We have been engaged by the Company to review the condensed set
of financial statements in the half-yearly financial report for the
six months ended 30 June 2023 which comprises the condensed
consolidated income statement, the condensed consolidated statement
of comprehensive income, the condensed consolidated statement of
financial position, the condensed consolidated statement of changes
in equity, the condensed consolidated cash flow statement and the
related explanatory notes that have been reviewed.
Basis for conclusion
We conducted our review in accordance with International
Standard on Review Engagements (UK) 2410, "Review of Interim
Financial Information Performed by the Independent Auditor of the
Entity" ("ISRE (UK) 2410"). A review of interim financial
information consists of making enquiries, primarily of persons
responsible for financial and accounting matters, and applying
analytical and other review procedures. A review is substantially
less in scope than an audit conducted in accordance with
International Standards on Auditing (UK) and consequently does not
enable us to obtain assurance that we would become aware of all
significant matters that might be identified in an audit.
Accordingly, we do not express an audit opinion.
As disclosed in note 1.2, the annual financial statements of the
Group are prepared in accordance with UK adopted International
Accounting Standards. The condensed set of financial statements
included in this half-yearly financial report has been prepared in
accordance with UK adopted International Accounting Standard 34,
"Interim Financial Reporting".
Conclusions relating to going concern
Based on our review procedures, which are less extensive than
those performed in an audit as described in the Basis for
conclusion section of this report, nothing has come to our
attention to suggest that the Directors have inappropriately
adopted the going concern basis of accounting or that the Directors
have identified material uncertainties relating to going concern
that are not appropriately disclosed.
This conclusion is based on the review procedures performed in
accordance with ISRE (UK) 2410, however future events or conditions
may cause the Group to cease to continue as a going concern.
Responsibilities of Directors
The Directors are responsible for preparing the half-yearly
financial report in accordance with the Disclosure Guidance and
Transparency Rules of the United Kingdom's Financial Conduct
Authority.
In preparing the half-yearly financial report, the Directors are
responsible for assessing the Company's ability to continue as a
going concern, disclosing, as applicable, matters related to going
concern and using the going concern basis of accounting unless the
Directors either intend to liquidate the Company or to cease
operations, or have no realistic alternative but to do so.
Auditor's responsibilities for the review of the financial
information
In reviewing the half-yearly report, we are responsible for
expressing to the Company a conclusion on the condensed set of
financial statement in the half-yearly financial report. Our
conclusion, including our conclusions relating to going concern,
are based on procedures that are less extensive than audit
procedures, as described in the Basis for Conclusion paragraph of
this report.
Use of our report
Our report has been prepared in accordance with the terms of our
engagement to assist the Company in meeting the requirements of the
Disclosure Guidance and Transparency Rules of the United Kingdom's
Financial Conduct Authority and for no other purpose.
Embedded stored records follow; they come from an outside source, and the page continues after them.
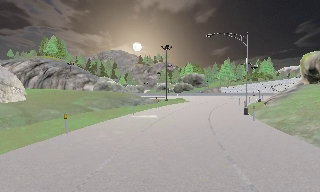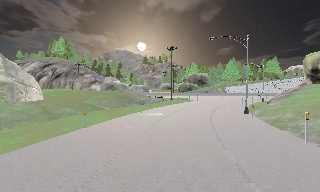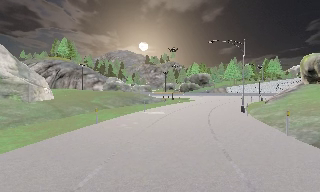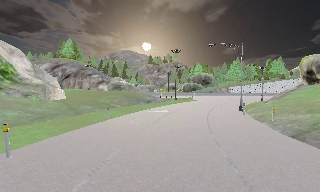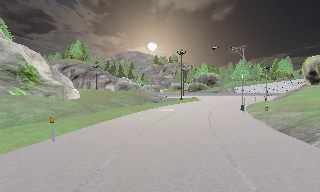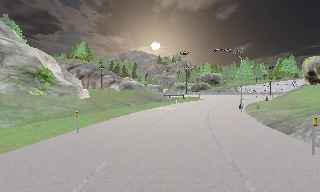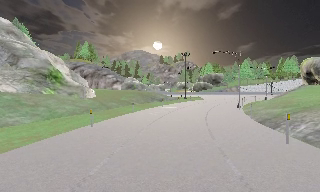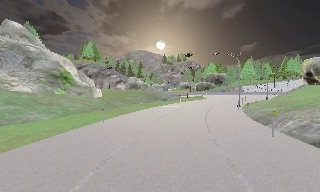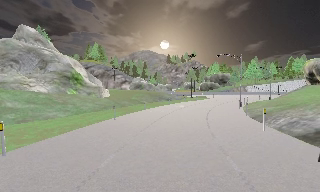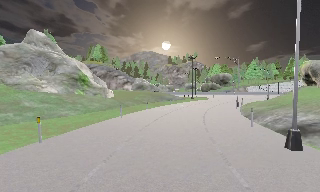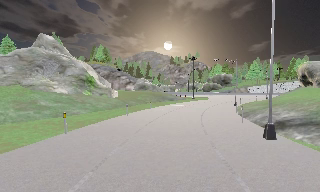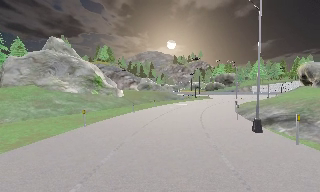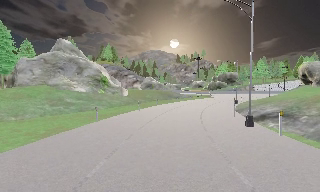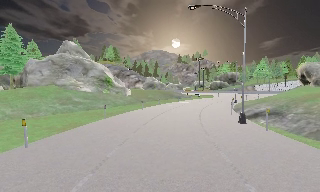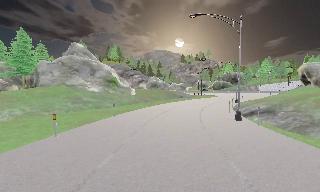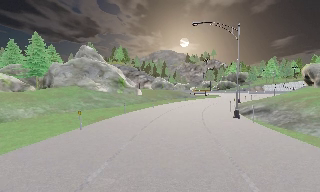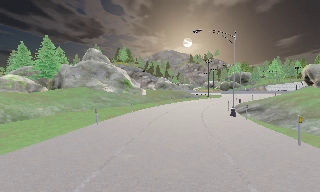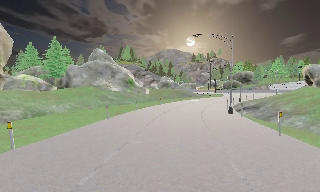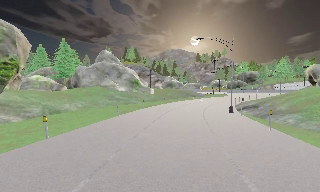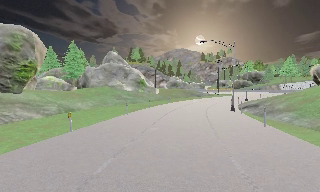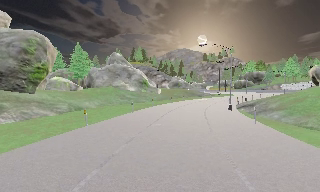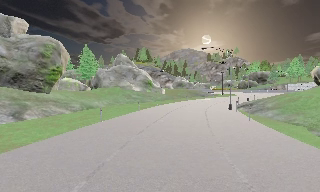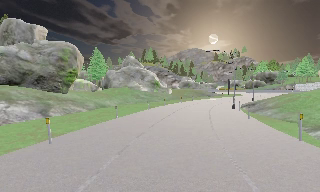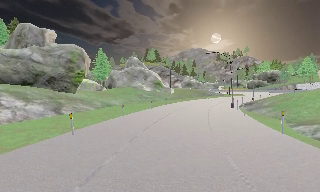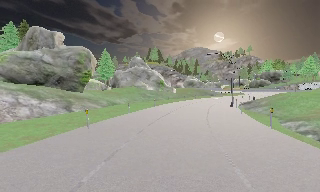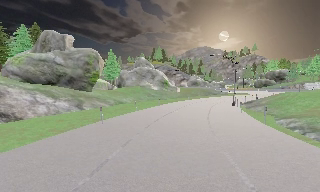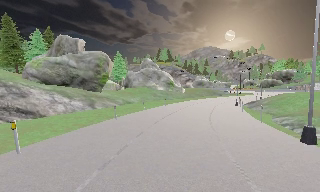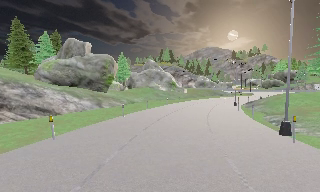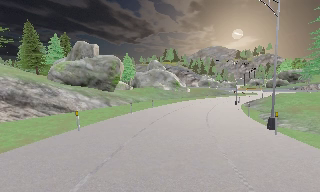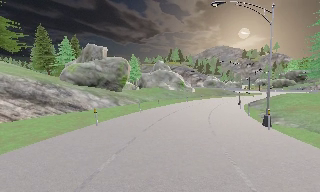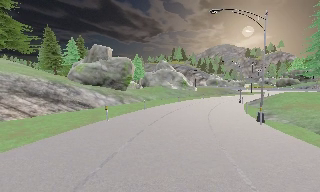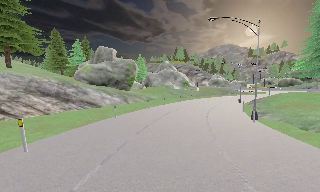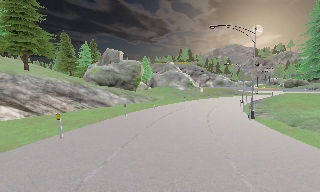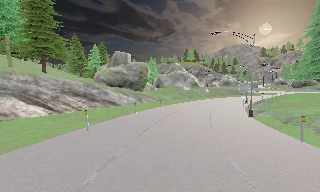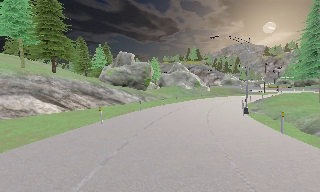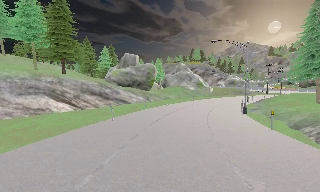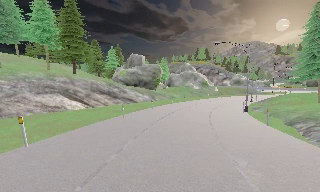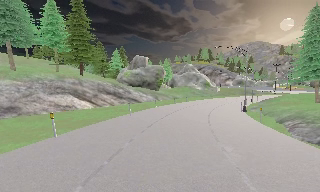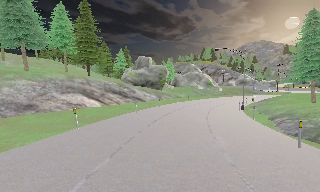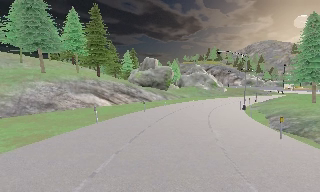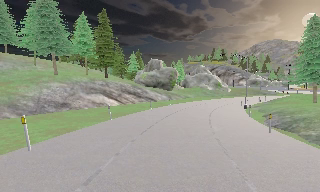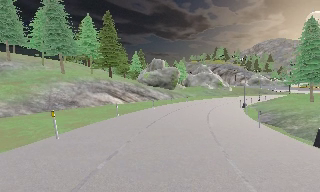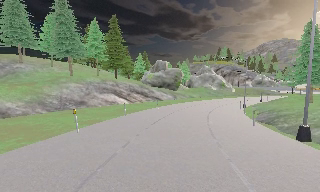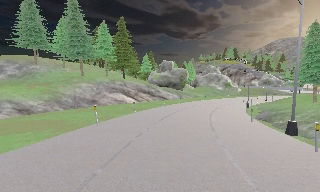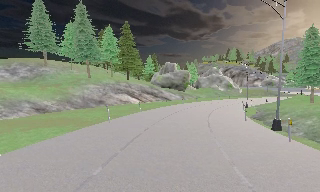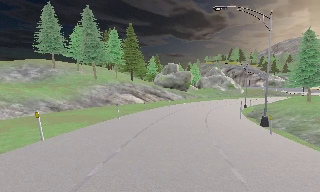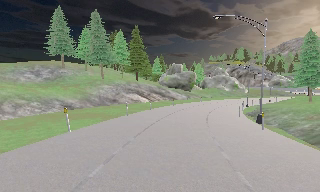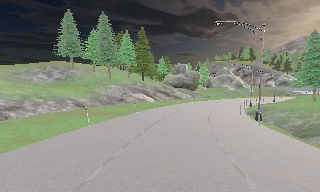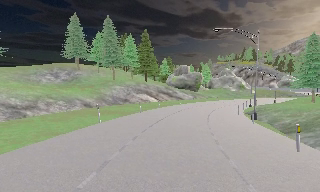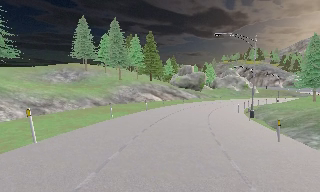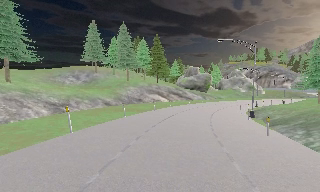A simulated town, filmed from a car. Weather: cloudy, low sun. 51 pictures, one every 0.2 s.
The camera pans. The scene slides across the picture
to the right.
The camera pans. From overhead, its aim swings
counterclockwise.
0.0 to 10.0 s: The camera swings to its left by about 65 degrees, and the scene slides to the right. It travels backward, about 65 m.
The film runs backward here.
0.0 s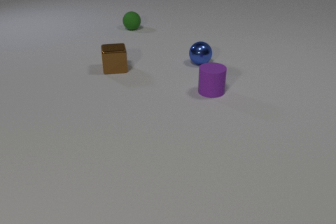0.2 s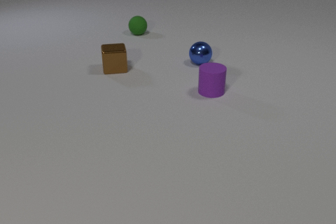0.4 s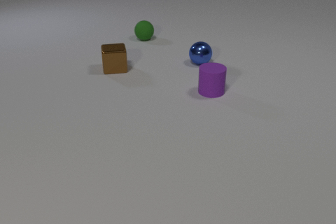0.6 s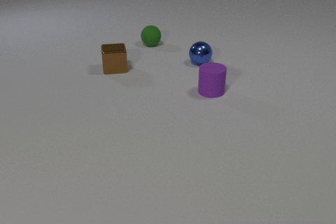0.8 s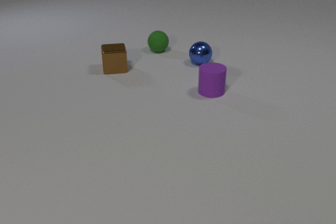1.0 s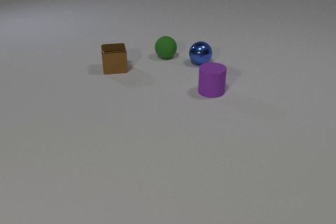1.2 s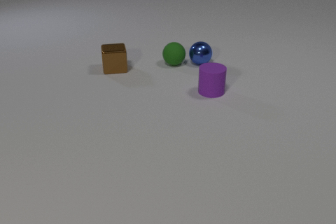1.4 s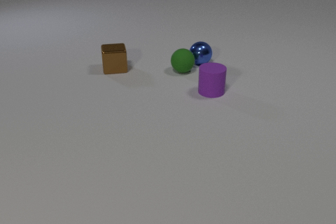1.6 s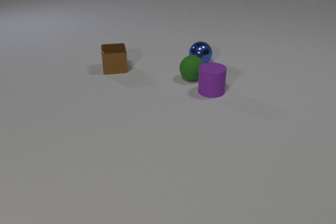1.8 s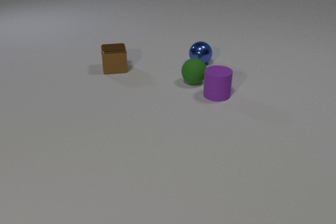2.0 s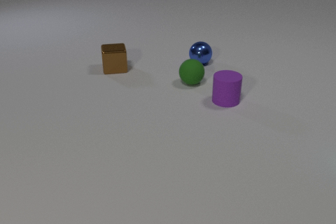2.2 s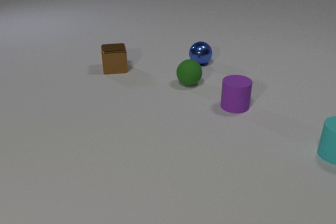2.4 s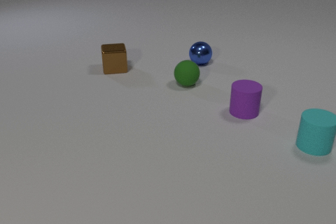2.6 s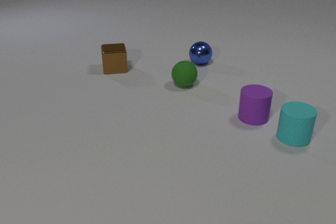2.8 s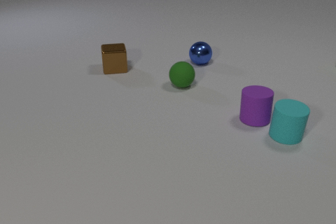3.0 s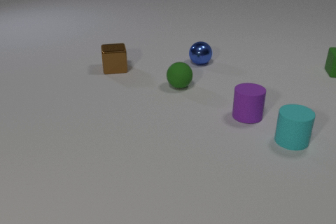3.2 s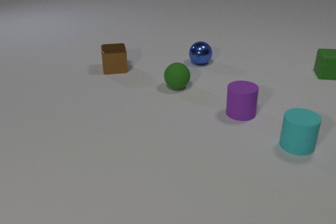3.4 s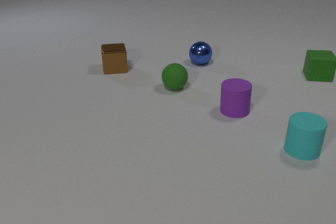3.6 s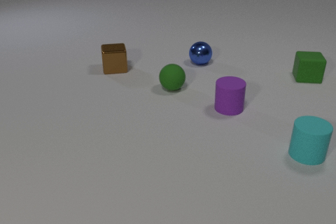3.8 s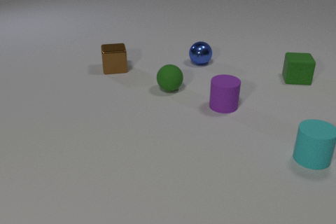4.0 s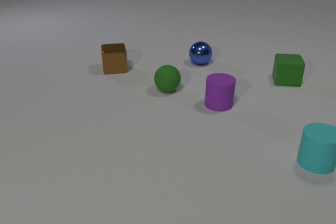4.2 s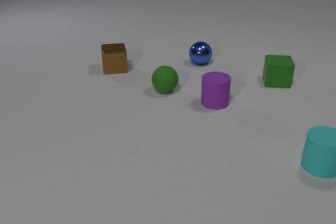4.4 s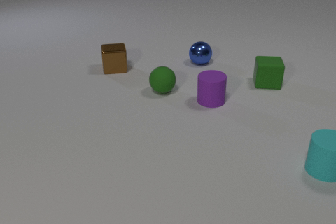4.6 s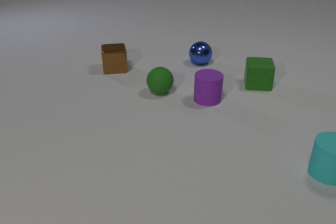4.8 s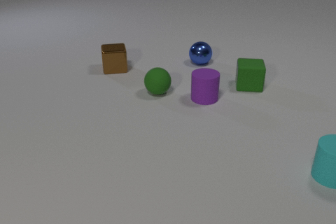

No person is
entitled to rely on this report unless such a person is a person
entitled to rely upon this report by virtue of and for the purpose
of our terms of engagement or has been expressly authorised to do
so by our prior written consent. Save as above, we do not accept
responsibility for this report to any other person or for any other
purpose and we hereby expressly disclaim any and all such
liability.
Tim Neathercoat
BDO LLP
Chartered Accountants
London, UK
26 July 2023
BDO LLP is a limited liability partnership registered in England
and Wales (with registered number OC305127).